What to work on
Reproduce from the records below, with no pictures, exactly the lines between the one containing "Nodule present: no" and the one containing "Areas of interest: areas", inclusive.
* * *
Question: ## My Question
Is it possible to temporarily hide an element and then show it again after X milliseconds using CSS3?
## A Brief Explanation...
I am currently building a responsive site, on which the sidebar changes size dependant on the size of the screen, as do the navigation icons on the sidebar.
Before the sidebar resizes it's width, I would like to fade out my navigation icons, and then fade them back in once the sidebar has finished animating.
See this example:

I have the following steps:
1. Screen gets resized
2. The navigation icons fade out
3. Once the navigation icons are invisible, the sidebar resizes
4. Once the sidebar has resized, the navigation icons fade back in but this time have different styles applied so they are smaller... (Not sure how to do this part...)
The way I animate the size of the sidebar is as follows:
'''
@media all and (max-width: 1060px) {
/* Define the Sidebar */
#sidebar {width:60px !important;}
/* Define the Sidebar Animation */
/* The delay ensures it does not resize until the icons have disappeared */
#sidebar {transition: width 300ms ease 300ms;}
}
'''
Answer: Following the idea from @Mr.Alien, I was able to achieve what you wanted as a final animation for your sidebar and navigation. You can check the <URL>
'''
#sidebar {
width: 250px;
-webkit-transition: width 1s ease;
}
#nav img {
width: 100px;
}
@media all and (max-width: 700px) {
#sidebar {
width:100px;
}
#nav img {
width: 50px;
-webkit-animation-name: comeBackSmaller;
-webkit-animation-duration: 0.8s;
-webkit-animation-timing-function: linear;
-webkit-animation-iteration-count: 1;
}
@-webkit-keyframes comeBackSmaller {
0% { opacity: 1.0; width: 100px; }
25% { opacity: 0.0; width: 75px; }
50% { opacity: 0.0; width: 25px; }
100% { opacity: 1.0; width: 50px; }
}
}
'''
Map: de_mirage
* * *
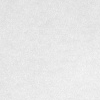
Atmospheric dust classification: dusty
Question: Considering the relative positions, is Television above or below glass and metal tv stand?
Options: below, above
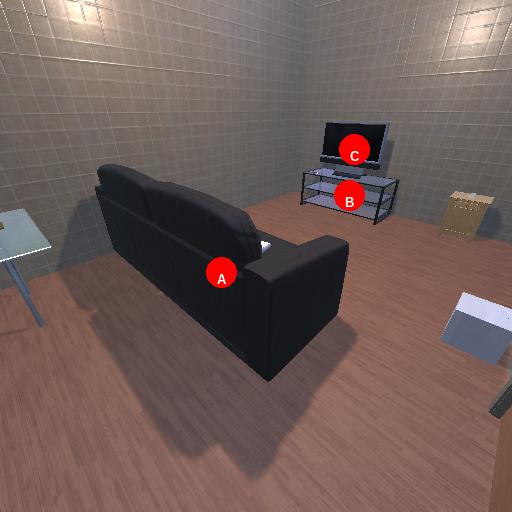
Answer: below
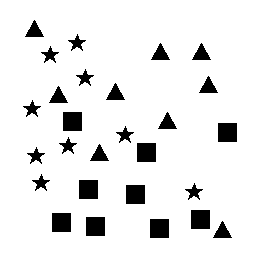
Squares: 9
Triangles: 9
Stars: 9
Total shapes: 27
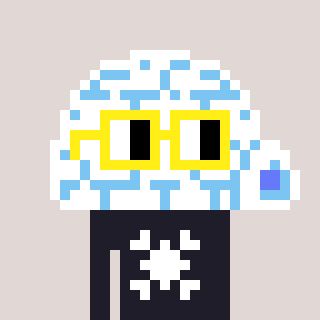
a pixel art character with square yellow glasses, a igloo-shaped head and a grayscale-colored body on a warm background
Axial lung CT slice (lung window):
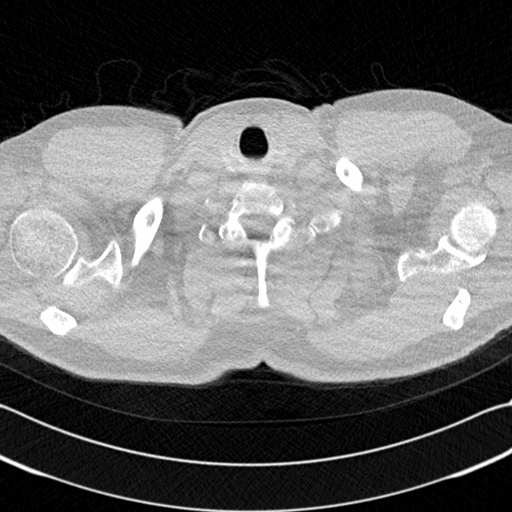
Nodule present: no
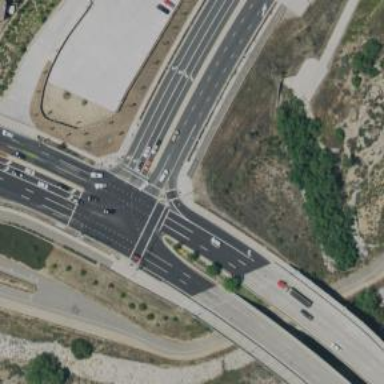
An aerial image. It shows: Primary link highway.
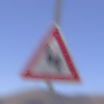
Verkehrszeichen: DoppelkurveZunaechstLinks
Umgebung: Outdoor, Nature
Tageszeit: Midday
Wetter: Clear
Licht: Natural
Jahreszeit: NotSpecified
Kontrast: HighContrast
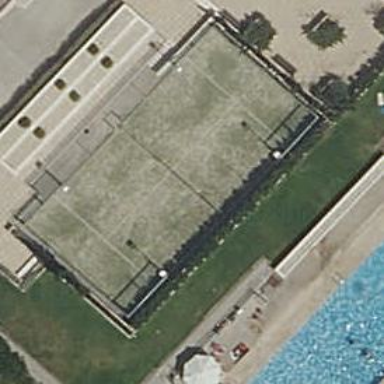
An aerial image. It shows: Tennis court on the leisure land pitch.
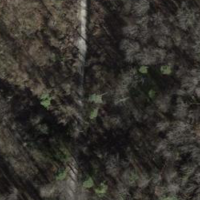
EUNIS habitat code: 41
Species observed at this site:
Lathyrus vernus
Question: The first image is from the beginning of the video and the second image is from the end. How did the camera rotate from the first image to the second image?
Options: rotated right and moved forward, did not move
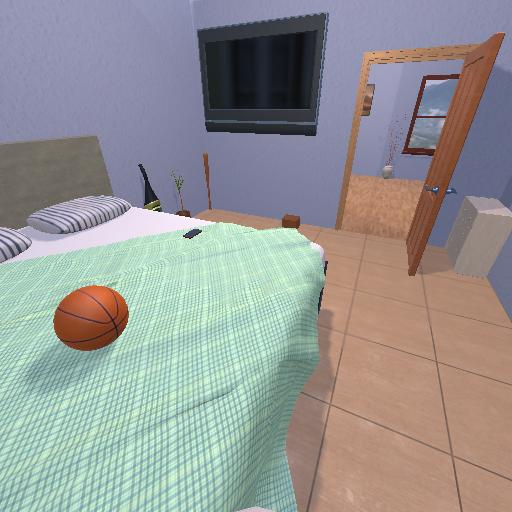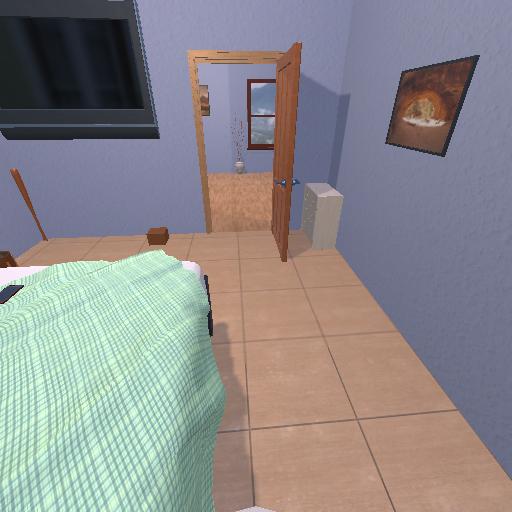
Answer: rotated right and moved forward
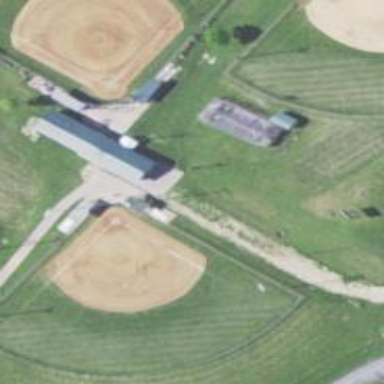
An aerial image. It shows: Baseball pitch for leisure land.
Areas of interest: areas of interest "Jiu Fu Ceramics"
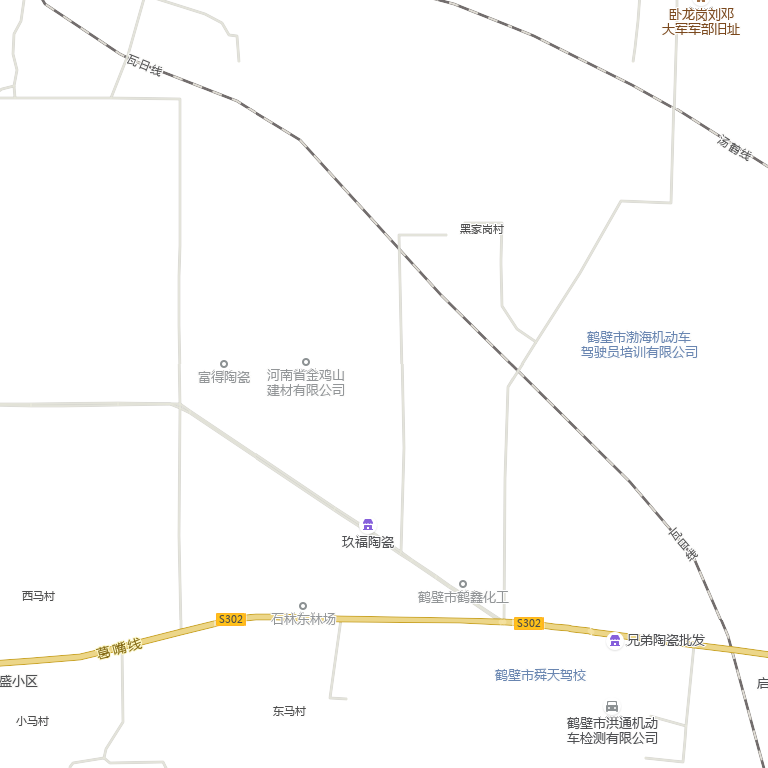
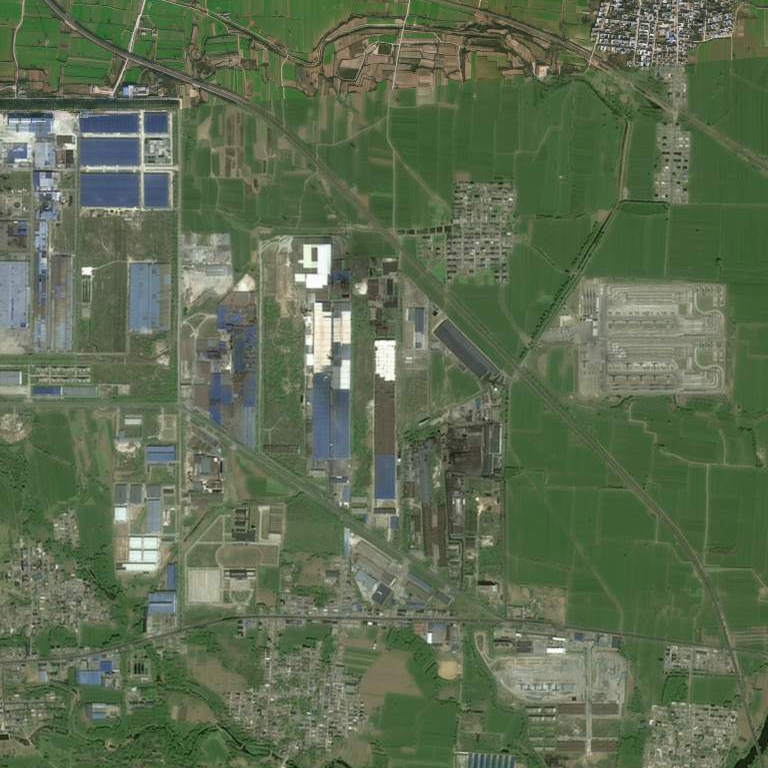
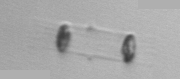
* * *
Completed exercise
Nodule present: no
An aerial image. It shows: Primary link highway.
Verkehrszeichen: DoppelkurveZunaechstLinks
Umgebung: Outdoor, Nature
Tageszeit: Midday
Wetter: Clear
Licht: Natural
Jahreszeit: NotSpecified
Kontrast: HighContrast
An aerial image. It shows: Tennis court on the leisure land pitch.
EUNIS habitat code: 41
Species observed at this site:
Lathyrus vernus
Question: The first image is from the beginning of the video and the second image is from the end. How did the camera rotate from the first image to the second image?
Options: rotated right and moved forward, did not move
Answer: rotated right and moved forward
An aerial image. It shows: Baseball pitch for leisure land.
Areas of interest: areas of interest "Jiu Fu Ceramics"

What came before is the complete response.